As if the electoral obstacles weren’t enough, life in the Russian opposition requires you to accept the risks. Many have spent time in jail. Prominent opposition leaders can also expect consequences for loved ones. In Navalny’s case, his younger brother Oleg was sent down for three years in 2014 on corruption charges which both brothers claimed were politically motivated. Widely circulated stories on social media of how an activist was beaten or unfairly imprisoned can quickly dampen the motivation to challenge the regime.
So, if we rule out the ballot box, what are the other possible sources of a change of direction in Russia? We can rule out a palace coup. With the single exception of the Chechen president, Ramzan Kadyrov, there is no political insider in Russia who has a genuinely independent source of power or popularity – this would not be tolerated.
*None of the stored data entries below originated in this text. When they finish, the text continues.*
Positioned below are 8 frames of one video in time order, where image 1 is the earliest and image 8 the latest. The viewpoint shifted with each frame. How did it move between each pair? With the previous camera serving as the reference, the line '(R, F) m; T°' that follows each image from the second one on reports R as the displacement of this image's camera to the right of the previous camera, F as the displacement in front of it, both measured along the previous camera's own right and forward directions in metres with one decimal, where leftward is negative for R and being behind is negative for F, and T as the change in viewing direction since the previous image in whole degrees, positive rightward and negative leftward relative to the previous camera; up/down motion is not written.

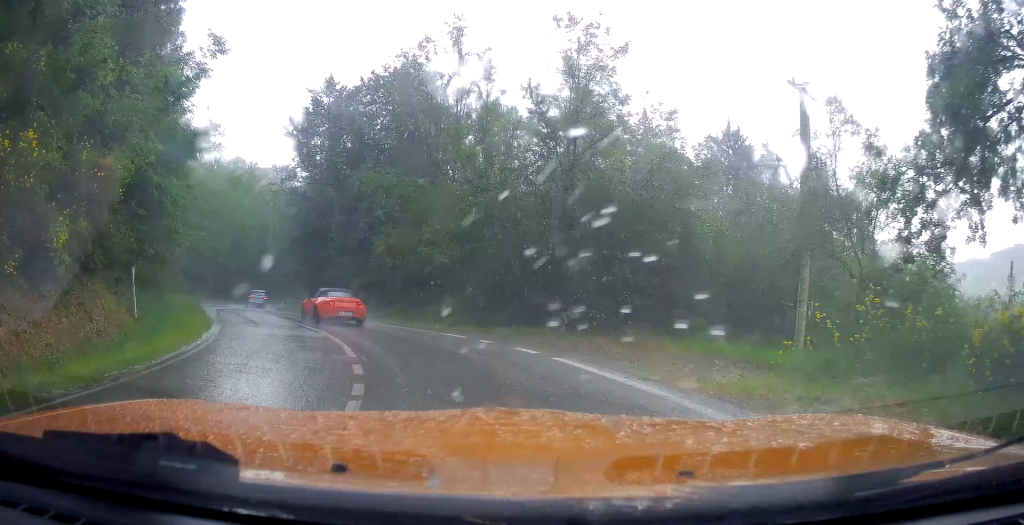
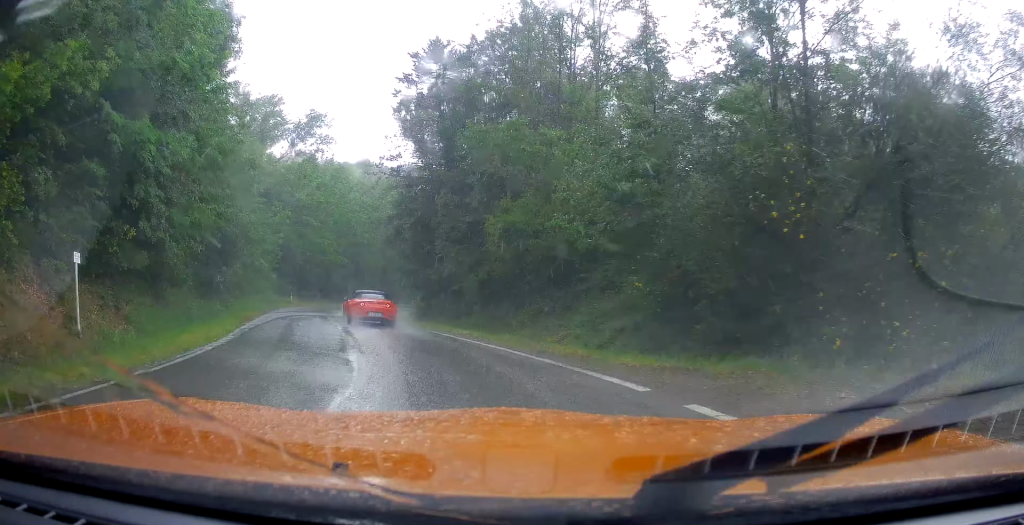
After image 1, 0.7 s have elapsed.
(-0.7, +7.9) m; -10°
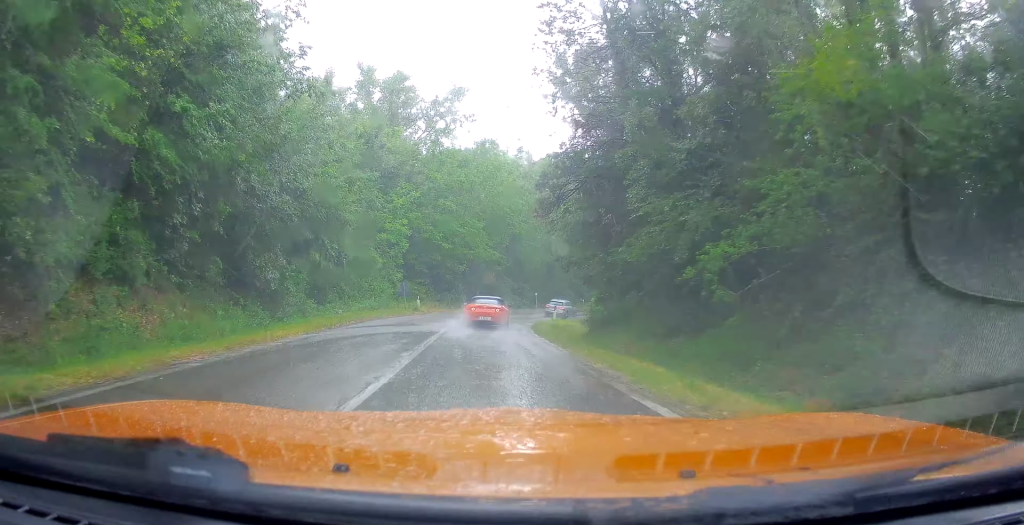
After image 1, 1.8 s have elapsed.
(-1.8, +12.0) m; -15°
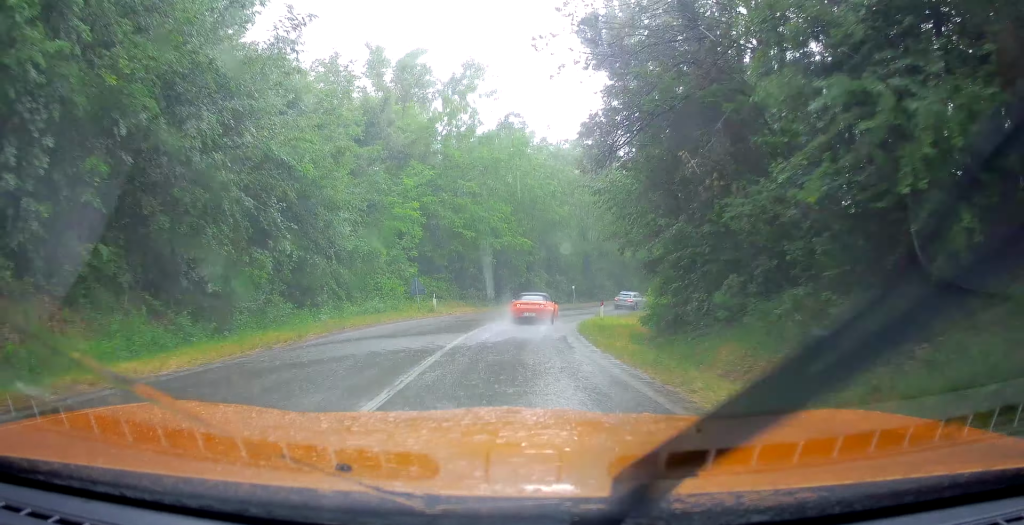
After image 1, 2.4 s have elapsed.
(-0.3, +6.0) m; -3°
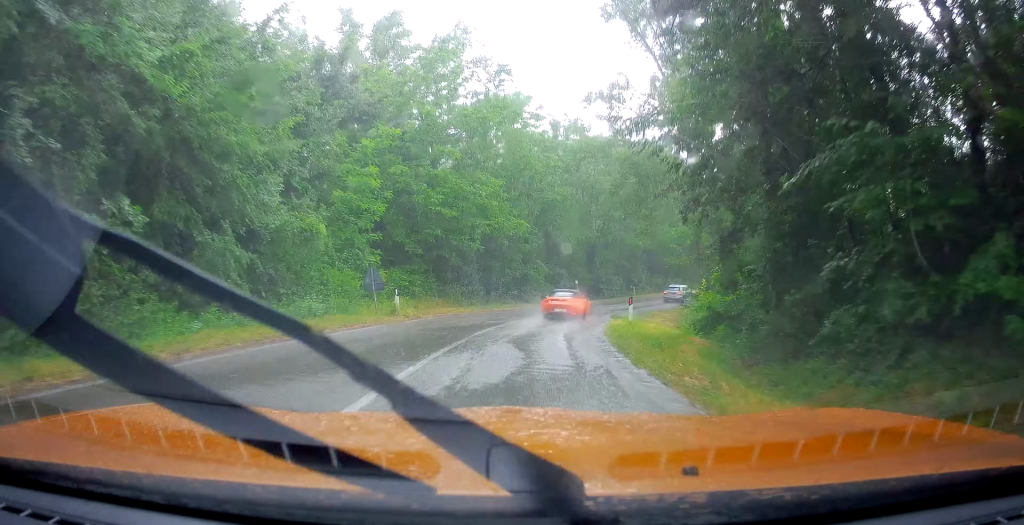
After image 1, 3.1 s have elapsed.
(-0.4, +8.0) m; +1°
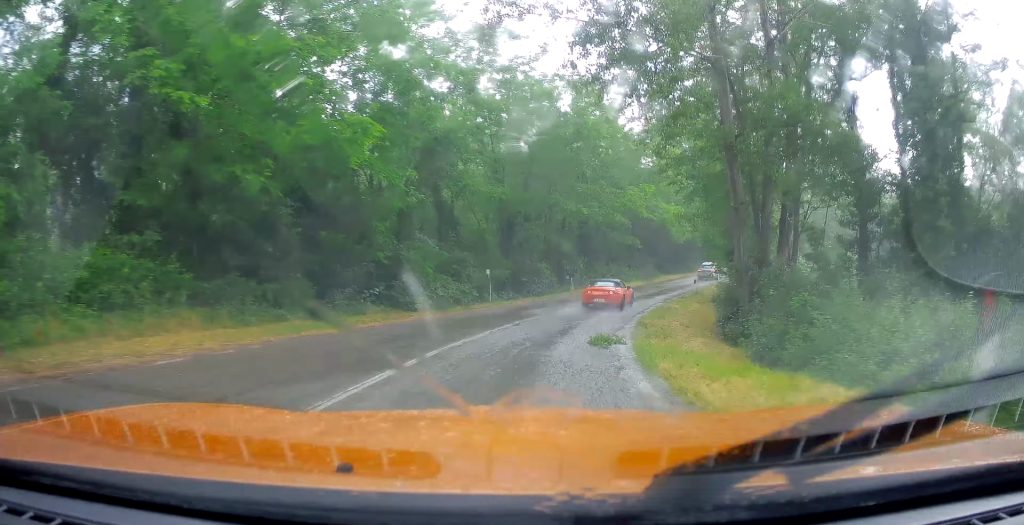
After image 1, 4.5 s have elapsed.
(+1.9, +17.6) m; +14°
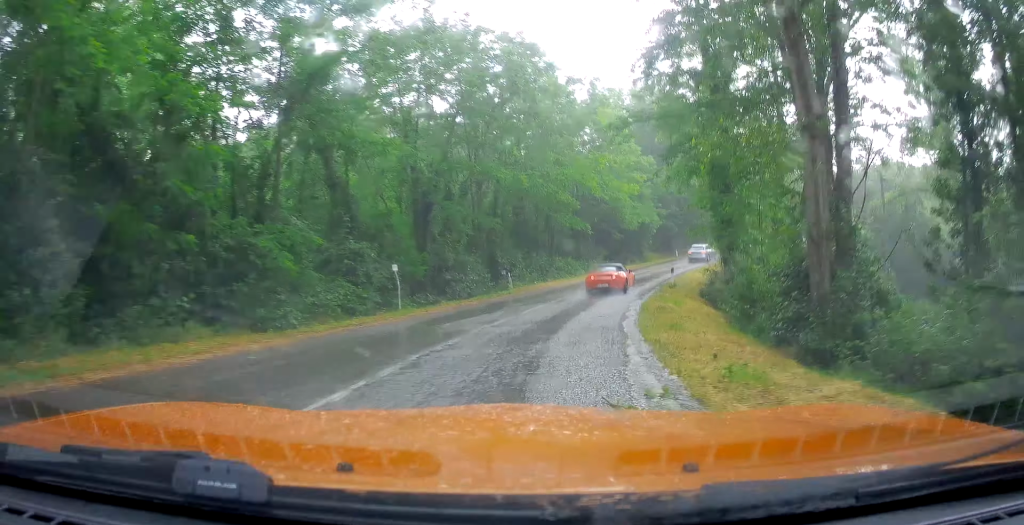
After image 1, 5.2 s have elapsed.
(+0.3, +8.4) m; +8°
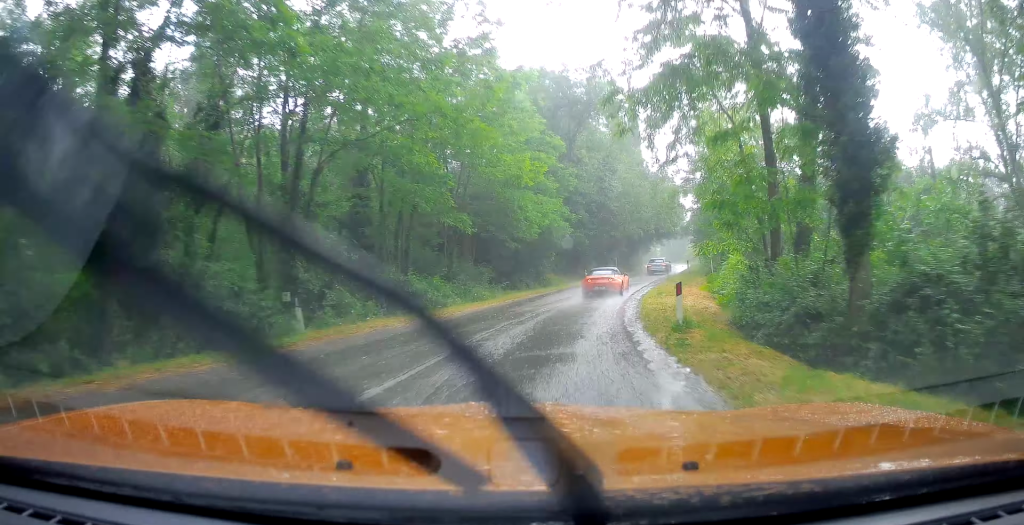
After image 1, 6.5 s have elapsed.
(+2.2, +16.5) m; +12°

In the rules of what Russians call “the system”, offices are in the gift of the president, awarded to trusted friends, and can be easily taken away from independent voices. Putin also plays an elaborate game of divide and rule, ensuring that the powerful ministries – the armed forces, security services and police – are all well-served by the regime but made to compete for resources and bureaucratic turf.
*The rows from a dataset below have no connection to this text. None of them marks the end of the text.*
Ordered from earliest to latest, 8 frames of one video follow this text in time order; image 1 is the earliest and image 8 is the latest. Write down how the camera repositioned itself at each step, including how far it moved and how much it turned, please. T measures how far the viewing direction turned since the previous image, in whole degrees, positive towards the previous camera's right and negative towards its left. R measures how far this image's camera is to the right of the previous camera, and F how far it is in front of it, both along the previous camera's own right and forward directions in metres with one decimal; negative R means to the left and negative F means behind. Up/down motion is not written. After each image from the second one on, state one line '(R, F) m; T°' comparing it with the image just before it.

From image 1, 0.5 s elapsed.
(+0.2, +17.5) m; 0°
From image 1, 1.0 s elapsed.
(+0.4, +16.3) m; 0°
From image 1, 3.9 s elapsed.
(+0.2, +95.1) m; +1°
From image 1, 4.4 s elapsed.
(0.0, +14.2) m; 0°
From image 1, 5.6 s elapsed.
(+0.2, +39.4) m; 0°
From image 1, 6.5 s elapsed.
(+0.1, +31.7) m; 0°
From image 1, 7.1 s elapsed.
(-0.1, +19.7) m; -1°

Likewise, any oligarch who tried to challenge the Kremlin would quickly find their wealth expropriated, as was the case following Mikhail Khodorkovsky’s criticisms of Kremlin corruption in 2003. To be on the safe side against attempted coups, Putin recently created a new 350,000 strong national guard, under his direct control and led by an ultra Putin loyalist.
That leaves us with the possibility of widespread mass protest if change is to take hold. The seeds are there. Living standards have dropped significantly since the 2008 financial crisis sparked a fall in energy prices which has dented Russia’s major source of revenue. Even now that energy prices have begun to rise, recovery is elusive.
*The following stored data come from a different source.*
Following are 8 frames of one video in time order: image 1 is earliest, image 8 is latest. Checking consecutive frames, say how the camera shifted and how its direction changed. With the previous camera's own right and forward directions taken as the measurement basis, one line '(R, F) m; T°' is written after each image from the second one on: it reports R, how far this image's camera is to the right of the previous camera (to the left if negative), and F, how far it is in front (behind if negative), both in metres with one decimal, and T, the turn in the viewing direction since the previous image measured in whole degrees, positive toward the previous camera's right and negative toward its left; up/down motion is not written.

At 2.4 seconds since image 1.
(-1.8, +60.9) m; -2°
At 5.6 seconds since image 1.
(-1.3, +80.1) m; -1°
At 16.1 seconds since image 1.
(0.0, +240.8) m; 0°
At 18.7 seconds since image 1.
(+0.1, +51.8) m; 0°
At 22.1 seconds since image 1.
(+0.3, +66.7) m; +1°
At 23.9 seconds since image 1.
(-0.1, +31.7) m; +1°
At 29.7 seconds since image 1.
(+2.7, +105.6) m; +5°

Navalny is shrewdly exploiting mass anger at official corruption. The video he recently made suggesting that the prime minister, Dmitrii Medvedev, had taken more than US$1 million in bribes has received more than 24m hits at time of writing, although Kremlin spokespeople ignore or dismiss these allegations.
There is also increasing evidence of spectacular inequalities and astonishing levels of capital flight, and, unlike in 2012, the anti-corruption protests earlier this year were not just confined to Russia’s biggest cities, Moscow and St Petersburg. They took place in many other places – and it was notable how many young people took to the streets.
Russia, however, is not Ukraine. Many of the EuroMaidan protestors who overthrew the spectacularly corrupt regime of Viktor Yanukovich in 2014 were united by an alternative vision of Ukraine as a normal European country in which the authorities are subject to the rule of law. It is wishful thinking to imagine that Russians might unite around such a liberal vision.
As we saw during the relatively open 1990s, Russian political society is highly fragmented. Few Russians recognise common interests between their immediate circle. That meant that national political parties did not emerge and politics became highly personalised. This makes the creation of a national opposition movement with common cause very difficult indeed.
Russian political culture is distinctly leadership-orientated. Putin finds a deep resonance in society for his strongman image, his efforts to assert a privileged Russian position in the international system and his ability to foil interference from outside while interfering with Russia’s neighbours. Many Ukrainians were happy to aspire to being just another normal country, but Russians as a whole still want to be different and special. Of course they also want living standards to improve. The changing balance between these two incompatible goals is our best guide to Russia’s political future.